Une évolution rendue aussi nécessaire par l’arrivée de nouveaux profils de porteurs de projet. Jean-Pierre Touzet, directeur du pôle Agri-Agro, Garantie et Capital développement du Crédit Agricole souligne qu’« entre 41 et 47 % des installés sont non issus du monde agricole ». Dans ce contexte, la « solidarité générationnelle » où « les parents, voir les grands-parents, se portaient facilement caution des enfants ou des petits-enfants » est moins pertinente en cas de reprise de l’exploitation par un tiers.
Des fonds de garantie plébiscités
Pour rester couvertes en cas d’impayés, les banques s’appuient de plus en plus sur des mécanismes alternatifs. Une société de caution mutuelle comme la Siagi, créée pour faciliter l’accès aux crédits des petites entreprises, peut-être sollicitée. Celle-ci a garanti 72 millions d’euros de prêts bancaires en agriculture selon son dernier rapport d’activité de 2024.
Les trois banques plébiscitent également des fonds de garantie publics. Ils peuvent être strictement régionaux, comme le dispositif Normandie Garantie Agri lancé en janvier 2025 et doté de 35 millions d’euros (24 millions d’euros de fonds Feader et 14 millions d’euros de fonds de la Région Normandie), ou déployé à plus grande échelle comme l’Initiative nationale pour l’agriculture française distribuée au sein de quatre réseaux bancaires
Concernant la garantie qui sera finalement choisie pour couvrir le risque pris par la banque, « il n’y a pas de règle » comme l’explique Sébastien Prin du Crédit mutuel. « C’est une adaptation à chaque cas en allant vers le plus pratique et le moins cher évidemment ». La garantie personnelle ne disparaît pas ainsi totalement. Elle peut même jouer plusieurs rôles.
Pour les projets engageant plusieurs agriculteurs, « la garantie personnelle est une façon de faire en sorte que les parties ne partent pas du jour au lendemain. C’est une manière de solidifier un collectif » explique Loïc Guitton de Banque Populaire. Pour les exploitants individuels en revanche, Banque Populaire privilégie « des garanties surtout assurantielles avec l’assurance homme clé » ajoute-t-il. Ce contrat permet le versement d’un capital pour atténuer les conséquences de la disparition de l’exploitant en cas de décès ou de son absence en cas d’incapacité afin de garantir la pérennité de l’exploitation.
L’accompagnement des « projets complexes »
Chacune des banques l’affirme. L’évolution de l’agriculture les pousse à adapter leurs approches. Les projets sont devenus plus « complexes » et les investissements « beaucoup plus élevés ». « Il y a un éclatement du modèle » relate Sébastien Prin du Crédit Mutuel, complétant ses observations avec les travaux du sociologue François Purseigle.

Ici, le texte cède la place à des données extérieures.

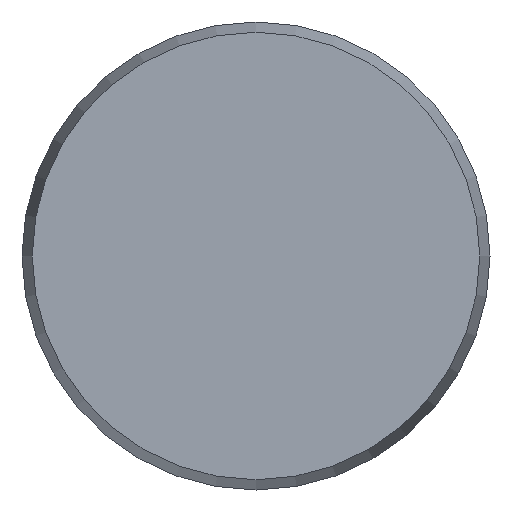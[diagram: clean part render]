
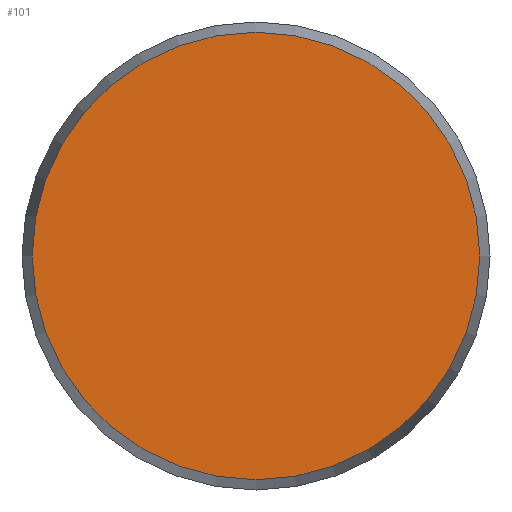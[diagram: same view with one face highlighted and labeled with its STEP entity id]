
A CAD part, front view. The second image highlights one B-rep face of the part: STEP entity #101.
In plain terms, the highlighted planar face has unit normal (0, -1, 0).
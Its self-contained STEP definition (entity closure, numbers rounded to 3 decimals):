
#101 = ADVANCED_FACE( '', ( #225 ), #226, .F. );
#225 = FACE_OUTER_BOUND( '', #398, .T. );
#226 = PLANE( '', #399 );
#398 = EDGE_LOOP( '', ( #611 ) );
#399 = AXIS2_PLACEMENT_3D( '', #612, #613, #614 );
#611 = ORIENTED_EDGE( '', *, *, #822, .T. );
#612 = CARTESIAN_POINT( '', ( 38.25, 0., 0. ) );
#613 = DIRECTION( '', ( 0., 1., 0. ) );
#614 = DIRECTION( '', ( 0., 0., 1. ) );
#822 = EDGE_CURVE( '', #967, #967, #968, .T. );
#967 = VERTEX_POINT( '', #1240 );
#968 = CIRCLE( '', #1241, 38.25 );
#1240 = CARTESIAN_POINT( '', ( 0., 0., -38.25 ) );
#1241 = AXIS2_PLACEMENT_3D( '', #1390, #1391, #1392 );
#1390 = CARTESIAN_POINT( '', ( 0., 0., 0. ) );
#1391 = DIRECTION( '', ( 0., -1., 0. ) );
#1392 = DIRECTION( '', ( 0., 0., -1. ) );
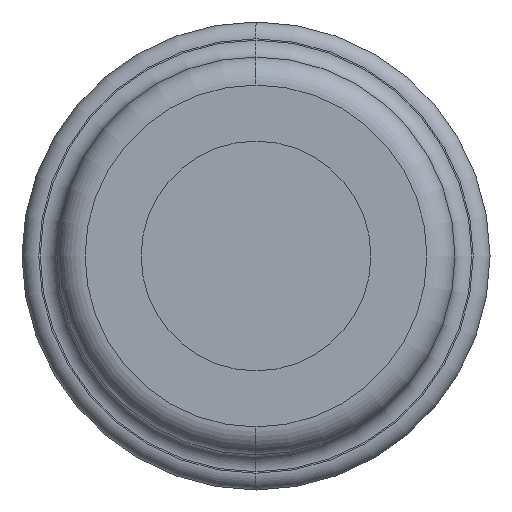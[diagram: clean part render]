
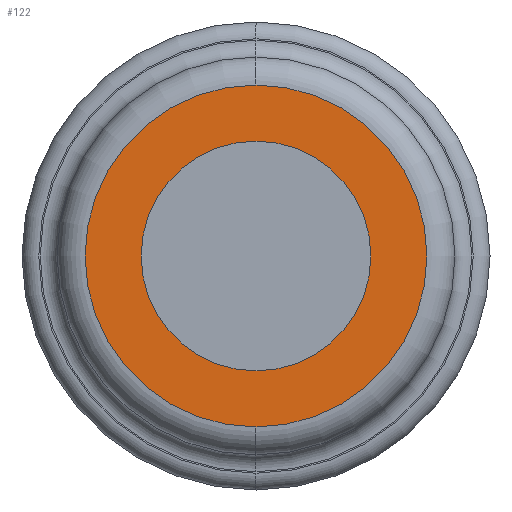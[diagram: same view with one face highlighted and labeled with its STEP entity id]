
A CAD part, left-side view. The second image highlights one B-rep face of the part: STEP entity #122.
In plain terms, the highlighted planar face has unit normal (-1, 0, 0).
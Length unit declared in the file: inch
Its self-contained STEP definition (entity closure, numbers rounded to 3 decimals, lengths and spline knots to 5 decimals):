
#4 = VERTEX_POINT ( 'NONE', #205 ) ;
#20 = CARTESIAN_POINT ( 'NONE',  ( -0.376, 0., 0. ) ) ;
#23 = AXIS2_PLACEMENT_3D ( 'NONE', #20, #102, #175 ) ;
#31 = DIRECTION ( 'NONE',  ( 0., 0., -1. ) ) ;
#61 = CIRCLE ( 'NONE', #857, 0.0205 ) ;
#89 = CARTESIAN_POINT ( 'NONE',  ( -0.376, 0.0305, 0. ) ) ;
#102 = DIRECTION ( 'NONE',  ( 1., 0., 0. ) ) ;
#122 = ADVANCED_FACE ( 'NONE', ( #219, #844 ), #568, .T. ) ;
#142 = CARTESIAN_POINT ( 'NONE',  ( -0.376, 0., 0.0205 ) ) ;
#149 = DIRECTION ( 'NONE',  ( 0., 0., 1. ) ) ;
#175 = DIRECTION ( 'NONE',  ( 0., 0., -1. ) ) ;
#189 = CARTESIAN_POINT ( 'NONE',  ( -0.376, 0., 0.0305 ) ) ;
#193 = ORIENTED_EDGE ( 'NONE', *, *, #831, .T. ) ;
#205 = CARTESIAN_POINT ( 'NONE',  ( -0.376, 0., -0.0305 ) ) ;
#209 = EDGE_CURVE ( 'NONE', #485, #4, #308, .T. ) ;
#219 = FACE_BOUND ( 'NONE', #347, .T. ) ;
#222 = EDGE_CURVE ( 'NONE', #4, #485, #246, .T. ) ;
#225 = VERTEX_POINT ( 'NONE', #517 ) ;
#226 = DIRECTION ( 'NONE',  ( -1., 0., 0. ) ) ;
#246 = CIRCLE ( 'NONE', #588, 0.0305 ) ;
#249 = DIRECTION ( 'NONE',  ( 0., 0., -1. ) ) ;
#308 = CIRCLE ( 'NONE', #23, 0.0305 ) ;
#347 = EDGE_LOOP ( 'NONE', ( #193, #803 ) ) ;
#470 = EDGE_CURVE ( 'NONE', #565, #225, #892, .T. ) ;
#485 = VERTEX_POINT ( 'NONE', #189 ) ;
#517 = CARTESIAN_POINT ( 'NONE',  ( -0.376, 0., -0.0205 ) ) ;
#551 = AXIS2_PLACEMENT_3D ( 'NONE', #663, #608, #249 ) ;
#565 = VERTEX_POINT ( 'NONE', #142 ) ;
#568 = PLANE ( 'NONE',  #601 ) ;
#588 = AXIS2_PLACEMENT_3D ( 'NONE', #672, #808, #31 ) ;
#601 = AXIS2_PLACEMENT_3D ( 'NONE', #89, #226, #149 ) ;
#608 = DIRECTION ( 'NONE',  ( 1., 0., 0. ) ) ;
#663 = CARTESIAN_POINT ( 'NONE',  ( -0.376, 0., 0. ) ) ;
#672 = CARTESIAN_POINT ( 'NONE',  ( -0.376, 0., 0. ) ) ;
#684 = ORIENTED_EDGE ( 'NONE', *, *, #209, .F. ) ;
#755 = CARTESIAN_POINT ( 'NONE',  ( -0.376, 0., 0. ) ) ;
#789 = ORIENTED_EDGE ( 'NONE', *, *, #222, .F. ) ;
#799 = EDGE_LOOP ( 'NONE', ( #789, #684 ) ) ;
#803 = ORIENTED_EDGE ( 'NONE', *, *, #470, .T. ) ;
#808 = DIRECTION ( 'NONE',  ( 1., 0., 0. ) ) ;
#820 = DIRECTION ( 'NONE',  ( 0., 0., -1. ) ) ;
#831 = EDGE_CURVE ( 'NONE', #225, #565, #61, .T. ) ;
#844 = FACE_OUTER_BOUND ( 'NONE', #799, .T. ) ;
#857 = AXIS2_PLACEMENT_3D ( 'NONE', #755, #886, #820 ) ;
#886 = DIRECTION ( 'NONE',  ( 1., 0., 0. ) ) ;
#892 = CIRCLE ( 'NONE', #551, 0.0205 ) ;
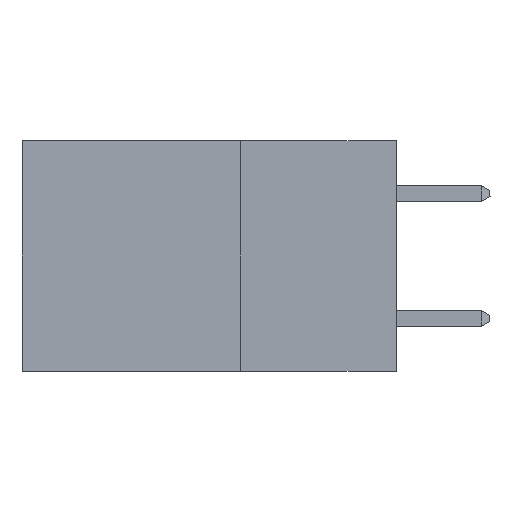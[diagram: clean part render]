
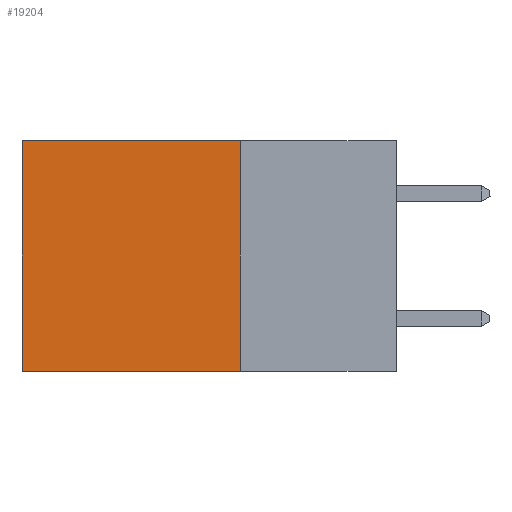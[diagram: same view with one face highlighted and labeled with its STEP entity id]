
A CAD part, left-side view. The second image highlights one B-rep face of the part: STEP entity #19204.
In plain terms, the highlighted planar face has unit normal (-1, 0, 0).
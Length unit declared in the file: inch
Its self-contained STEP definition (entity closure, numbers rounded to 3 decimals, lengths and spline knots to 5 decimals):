
#550 = EDGE_CURVE ( 'NONE', #2178, #7475, #16321, .T. ) ;
#1587 = VECTOR ( 'NONE', #8744, 39.37008 ) ;
#1816 = FACE_OUTER_BOUND ( 'NONE', #19726, .T. ) ;
#2030 = VERTEX_POINT ( 'NONE', #20732 ) ;
#2178 = VERTEX_POINT ( 'NONE', #2726 ) ;
#2432 = VECTOR ( 'NONE', #8851, 39.37008 ) ;
#2566 = EDGE_CURVE ( 'NONE', #2030, #6983, #20289, .T. ) ;
#2660 = DIRECTION ( 'NONE',  ( 1., 0., 0. ) ) ;
#2726 = CARTESIAN_POINT ( 'NONE',  ( 0.298, 0.6, 0. ) ) ;
#4049 = LINE ( 'NONE', #14176, #21539 ) ;
#4156 = DIRECTION ( 'NONE',  ( 0., 1., 0. ) ) ;
#5125 = EDGE_CURVE ( 'NONE', #2030, #2178, #10746, .T. ) ;
#6983 = VERTEX_POINT ( 'NONE', #8599 ) ;
#7475 = VERTEX_POINT ( 'NONE', #16391 ) ;
#8599 = CARTESIAN_POINT ( 'NONE',  ( 0.298, 0.25, -0.37 ) ) ;
#8744 = DIRECTION ( 'NONE',  ( 0., 1., 0. ) ) ;
#8851 = DIRECTION ( 'NONE',  ( 0., 0., -1. ) ) ;
#10746 = LINE ( 'NONE', #20034, #1587 ) ;
#14176 = CARTESIAN_POINT ( 'NONE',  ( 0.298, 0.25, -0.37 ) ) ;
#14455 = DIRECTION ( 'NONE',  ( 0., 0., -1. ) ) ;
#15649 = ORIENTED_EDGE ( 'NONE', *, *, #2566, .F. ) ;
#15736 = CARTESIAN_POINT ( 'NONE',  ( 0.298, 0.6, 0. ) ) ;
#15871 = ORIENTED_EDGE ( 'NONE', *, *, #550, .T. ) ;
#15995 = CARTESIAN_POINT ( 'NONE',  ( 0.298, 0.25, 0. ) ) ;
#16060 = VECTOR ( 'NONE', #18175, 39.37008 ) ;
#16321 = LINE ( 'NONE', #15736, #2432 ) ;
#16391 = CARTESIAN_POINT ( 'NONE',  ( 0.298, 0.6, -0.37 ) ) ;
#18175 = DIRECTION ( 'NONE',  ( 0., 0., -1. ) ) ;
#18289 = CARTESIAN_POINT ( 'NONE',  ( 0.298, 0.25, 0. ) ) ;
#18666 = AXIS2_PLACEMENT_3D ( 'NONE', #15995, #2660, #14455 ) ;
#19047 = EDGE_CURVE ( 'NONE', #6983, #7475, #4049, .T. ) ;
#19165 = ORIENTED_EDGE ( 'NONE', *, *, #5125, .T. ) ;
#19204 = ADVANCED_FACE ( 'NONE', ( #1816 ), #20808, .F. ) ;
#19726 = EDGE_LOOP ( 'NONE', ( #15871, #20559, #15649, #19165 ) ) ;
#20034 = CARTESIAN_POINT ( 'NONE',  ( 0.298, 0.25, 0. ) ) ;
#20289 = LINE ( 'NONE', #18289, #16060 ) ;
#20559 = ORIENTED_EDGE ( 'NONE', *, *, #19047, .F. ) ;
#20732 = CARTESIAN_POINT ( 'NONE',  ( 0.298, 0.25, 0. ) ) ;
#20808 = PLANE ( 'NONE',  #18666 ) ;
#21539 = VECTOR ( 'NONE', #4156, 39.37008 ) ;
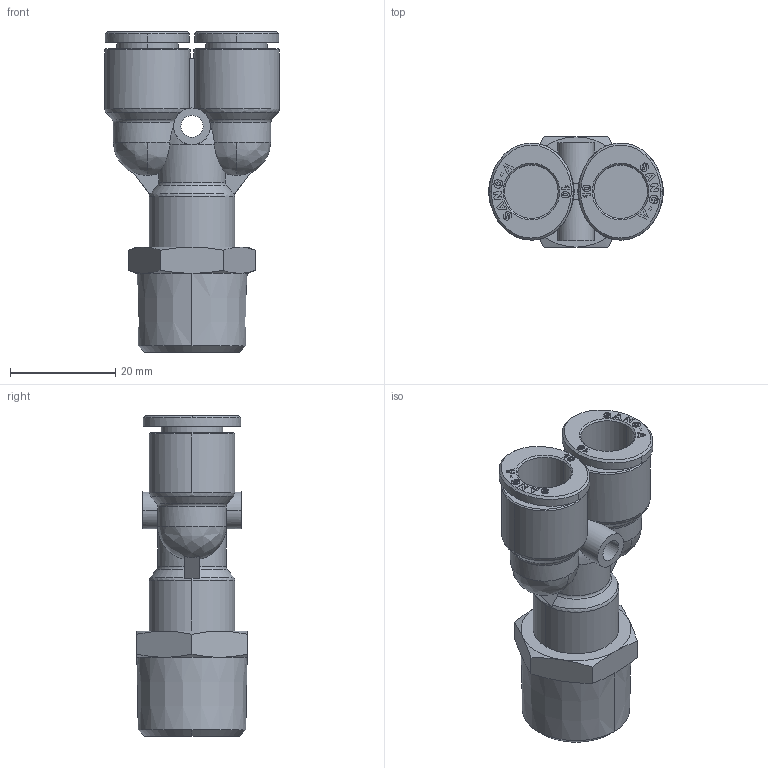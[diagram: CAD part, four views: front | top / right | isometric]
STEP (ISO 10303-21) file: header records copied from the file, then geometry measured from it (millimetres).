
FILE_DESCRIPTION (( 'STEP AP214' ), '1' );
FILE_NAME ('PWT10-04.STEP', '2015-10-07T08:07:17', ( '' ), ( '' ), 'SwSTEP 2.0', 'SolidWorks 2015', '' );
FILE_SCHEMA (( 'AUTOMOTIVE_DESIGN' ));
Length unit declared in the file: millimetre
Products named in the file (2): PWT10-04; ｦ+ﾃｦ1_1
Assembly tree (1 placements, depth 2):
  PWT10-04
    ｦ+ﾃｦ1_1
Bounding box: 33.3 x 21 x 61 mm (x, y, z)
Volume: 13923.9 mm3; surface area: 8292 mm2
Topology: 1 solids, 1 shells, 889 faces, 2541 edges, 1684 vertices
Faces by surface type: plane 784, cone 37, bspline 33, cylinder 29, torus 6
Entity records: 31391 total; most frequent: CARTESIAN_POINT 7353, ORIENTED_EDGE 5082, DIRECTION 4256, EDGE_CURVE 2541, VECTOR 2278, LINE 2278, VERTEX_POINT 1684, AXIS2_PLACEMENT_3D 989
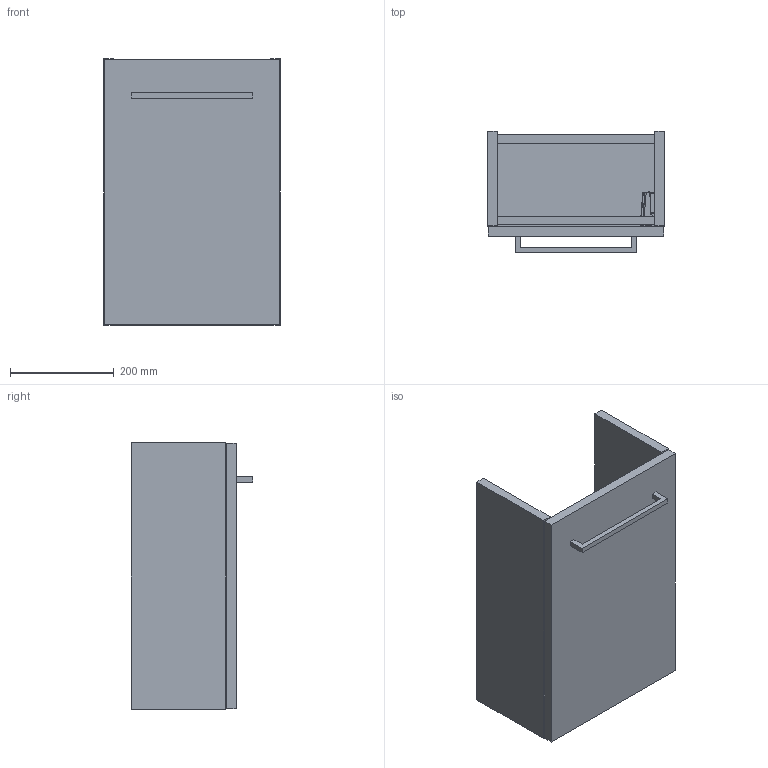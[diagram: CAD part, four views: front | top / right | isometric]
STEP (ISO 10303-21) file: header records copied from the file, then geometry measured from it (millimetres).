
FILE_DESCRIPTION(/* description */ (''),/* implementation_level */ '2;1');
FILE_NAME(/* name */ 'A87601_RFS.stp',/* time_stamp */ '2019-09-30T09:48:08+02:00',/* author */ ('goellnera'),/* organization */ (''),/* preprocessor_version */ 'ST-DEVELOPER v16.1',/* originating_system */ 'Autodesk Inventor 2016',/* authorisation */ '');
FILE_SCHEMA (('AUTOMOTIVE_DESIGN { 1 0 10303 214 3 1 1 }'));
Length unit declared in the file: millimetre
Products named in the file (22): A87601_RFS_1; A87601_RFS_2; A87601_RFS_3; A87601_RFS_4; A87601_RFS_5; A87601_RFS_6; A87601_RFS_7; A87601_RFS_8; A87601_RFS_9; A87601_RFS_10; A87601_RFS_11; A87601_RFS_12; A87601_RFS_13; A87601_RFS_14; A87601_RFS_15; A87601_RFS_16; A87601_RFS_17; A87601_RFS_18; A87601_RFS_19; A87601_RFS_20; A87601_RFS_21; A87601_RFS
Assembly tree (21 placements, depth 2):
  A87601_RFS
    A87601_RFS_1
    A87601_RFS_2
    A87601_RFS_3
    A87601_RFS_4
    A87601_RFS_5
    A87601_RFS_6
    A87601_RFS_7
    A87601_RFS_8
    A87601_RFS_9
    A87601_RFS_10
    A87601_RFS_11
    A87601_RFS_12
    A87601_RFS_13
    A87601_RFS_14
    A87601_RFS_15
    A87601_RFS_16
    A87601_RFS_17
    A87601_RFS_18
    A87601_RFS_19
    A87601_RFS_20
    A87601_RFS_21
Bounding box: 340 x 234 x 514 mm (x, y, z)
Volume: 9184632.9 mm3; surface area: 1214224.7 mm2
Topology: 21 solids, 21 shells, 762 faces, 2035 edges, 1346 vertices
Faces by surface type: plane 508, cylinder 212, bspline 18, cone 16, torus 8
Full cylindrical faces by diameter (mm): 4 x2
Entity records: 25440 total; most frequent: CARTESIAN_POINT 5690, ORIENTED_EDGE 4066, DIRECTION 3935, EDGE_CURVE 2033, LINE 1533, VECTOR 1533, VERTEX_POINT 1346, AXIS2_PLACEMENT_3D 1201

Des « modèles capitalistiques de ferme firme » aux « modèles hybrides agricole et commerçant avec une partie en vente directe », en passant par des « plus petites agricultures très efficaces en termes de rentabilité et de résilience », « la diversité des modèles s’est accélérée au cours de ces dernières années ». S’y ajoute aussi une pluralité des projets.
« Une exploitation sur deux a développé une activité significative à côté de ces activités primaires. C’est une tendance de fond », constate Jean-Pierre Touzet du Crédit Agricole, tout en citant « la vente en circuits courts, la production d’énergie, l’agritourisme ou des activités de travaux ». « Il y a très clairement une accélération du mouvement entrepreneurial chez les agriculteurs » conclut-il.

Cela oblige chacune des banques à acquérir de nouvelles compétences. « Un projet de méthanisation collective de plusieurs millions d’euros, un chargé d’affaires ne le rencontrera qu’une à deux fois dans sa vie », explique Sébastien Prin. En réponse, le Crédit Mutuel s’adapte par la « construction d’expertises par domaine et par la formation en permanence des chargés d’affaires ». « Une ingénierie » également recherchée par le Crédit Agricole face à des « investissements beaucoup plus élevés ».
Comment s’adapter à cette « forme d’agriculture » proche de la « semi-industrie » dont les montants de financement importants « ont crû ces dernières années du fait de l’inflation et du développement des investissements en énergie renouvelable » ? C’est le dilemme posé au Crédit Mutuel avec son modèle mutualiste et décentralisé où des caisses locales « peuvent se retrouver parfois un peu démunies » admet Sébastien Prin. S’il est « hors de question de ne pas les financer », la solution trouvée réside dans le partage du risque « entre caisses du territoire, avec le réseau du CIC (N.D.L.R. : racheté par le Crédit Mutuel en 1998) et avec les autres banques ».
Un projet « viable » ou rien
Que le projet ait une nature singulière ou impose des investissements importants, il ne sera pas un obstacle pour les banques « tant qu’il paraît viable » à leurs yeux résume Jean-Pierre Touzet du Crédit Agricole. Cette viabilité comprend l’exigence de rentabilité du projet, sa solidité face aux aléas économique, sanitaire et climatique et sa capacité à subvenir aux besoins de l’agriculteur et de sa famille, tout cela sur un temps long.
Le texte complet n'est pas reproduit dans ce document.